Task: Print the data below exactly, but only the lines from the one containing "loose? A: Tight." down to the one containing "Weight: regular or", inclusive.

==== Dataset

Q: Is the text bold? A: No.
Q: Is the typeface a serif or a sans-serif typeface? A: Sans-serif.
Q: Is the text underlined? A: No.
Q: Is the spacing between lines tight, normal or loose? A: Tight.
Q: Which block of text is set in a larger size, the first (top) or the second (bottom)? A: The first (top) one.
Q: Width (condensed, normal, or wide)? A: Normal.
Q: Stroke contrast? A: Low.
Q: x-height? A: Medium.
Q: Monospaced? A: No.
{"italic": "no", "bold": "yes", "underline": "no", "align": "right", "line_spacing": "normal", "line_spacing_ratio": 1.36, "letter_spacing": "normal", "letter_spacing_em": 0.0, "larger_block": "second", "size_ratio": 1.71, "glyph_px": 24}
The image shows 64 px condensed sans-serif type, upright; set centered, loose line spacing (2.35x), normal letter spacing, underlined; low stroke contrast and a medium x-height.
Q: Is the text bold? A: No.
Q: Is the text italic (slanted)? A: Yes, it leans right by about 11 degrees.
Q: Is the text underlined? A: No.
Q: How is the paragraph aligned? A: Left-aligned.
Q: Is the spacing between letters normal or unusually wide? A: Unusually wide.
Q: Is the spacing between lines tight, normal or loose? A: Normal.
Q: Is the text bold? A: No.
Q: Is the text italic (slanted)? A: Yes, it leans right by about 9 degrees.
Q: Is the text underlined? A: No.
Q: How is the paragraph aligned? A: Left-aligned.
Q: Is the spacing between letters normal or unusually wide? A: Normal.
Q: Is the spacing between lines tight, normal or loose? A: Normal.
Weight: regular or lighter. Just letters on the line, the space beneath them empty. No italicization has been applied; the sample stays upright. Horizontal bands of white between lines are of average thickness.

========
==== Dataset

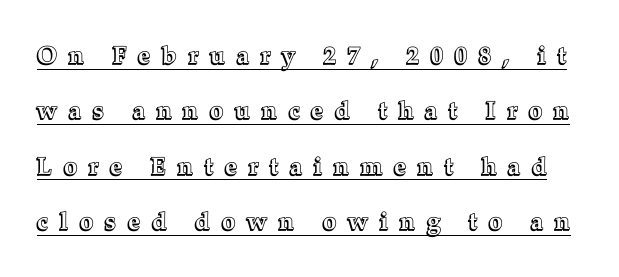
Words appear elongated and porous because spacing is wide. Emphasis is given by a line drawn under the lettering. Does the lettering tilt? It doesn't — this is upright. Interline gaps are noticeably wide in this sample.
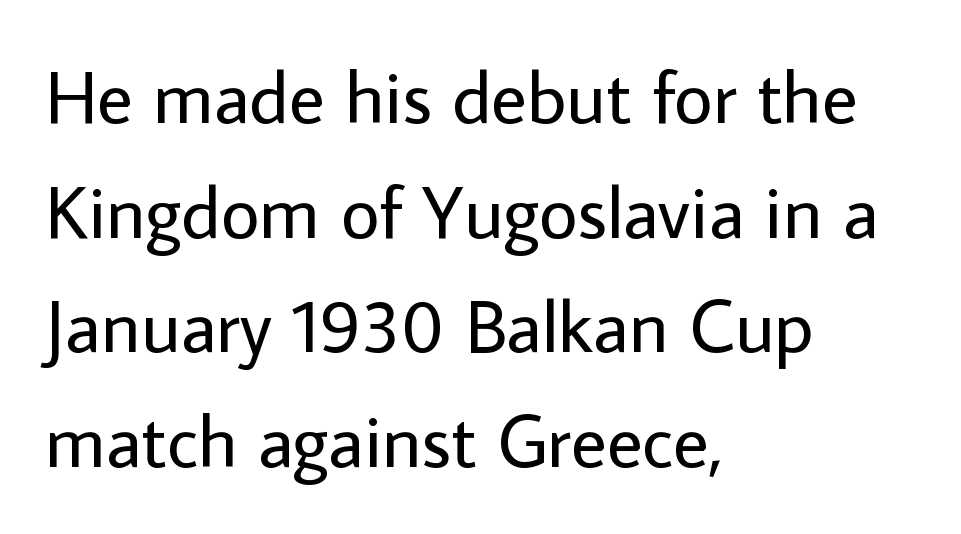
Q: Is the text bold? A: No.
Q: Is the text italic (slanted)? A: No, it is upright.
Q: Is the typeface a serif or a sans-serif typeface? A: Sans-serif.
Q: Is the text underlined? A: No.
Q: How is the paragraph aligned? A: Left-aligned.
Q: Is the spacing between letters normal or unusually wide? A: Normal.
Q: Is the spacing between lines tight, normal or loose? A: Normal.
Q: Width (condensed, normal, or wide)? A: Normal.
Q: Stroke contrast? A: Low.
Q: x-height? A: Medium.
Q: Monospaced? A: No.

========

Answer for the task:
Q: Is the spacing between lines tight, normal or loose? A: Tight.
Q: Which block of text is set in a larger size, the first (top) or the second (bottom)? A: The first (top) one.
Q: Width (condensed, normal, or wide)? A: Normal.
Q: Stroke contrast? A: Low.
Q: x-height? A: Medium.
Q: Monospaced? A: No.
{"italic": "no", "bold": "yes", "underline": "no", "align": "right", "line_spacing": "normal", "line_spacing_ratio": 1.36, "letter_spacing": "normal", "letter_spacing_em": 0.0, "larger_block": "second", "size_ratio": 1.71, "glyph_px": 24}
The image shows 64 px condensed sans-serif type, upright; set centered, loose line spacing (2.35x), normal letter spacing, underlined; low stroke contrast and a medium x-height.
Q: Is the text bold? A: No.
Q: Is the text italic (slanted)? A: Yes, it leans right by about 11 degrees.
Q: Is the text underlined? A: No.
Q: How is the paragraph aligned? A: Left-aligned.
Q: Is the spacing between letters normal or unusually wide? A: Unusually wide.
Q: Is the spacing between lines tight, normal or loose? A: Normal.
Q: Is the text bold? A: No.
Q: Is the text italic (slanted)? A: Yes, it leans right by about 9 degrees.
Q: Is the text underlined? A: No.
Q: How is the paragraph aligned? A: Left-aligned.
Q: Is the spacing between letters normal or unusually wide? A: Normal.
Q: Is the spacing between lines tight, normal or loose? A: Normal.
Weight: regular or lighter. Just letters on the line, the space beneath them empty. No italicization has been applied; the sample stays upright. Horizontal bands of white between lines are of average thickness.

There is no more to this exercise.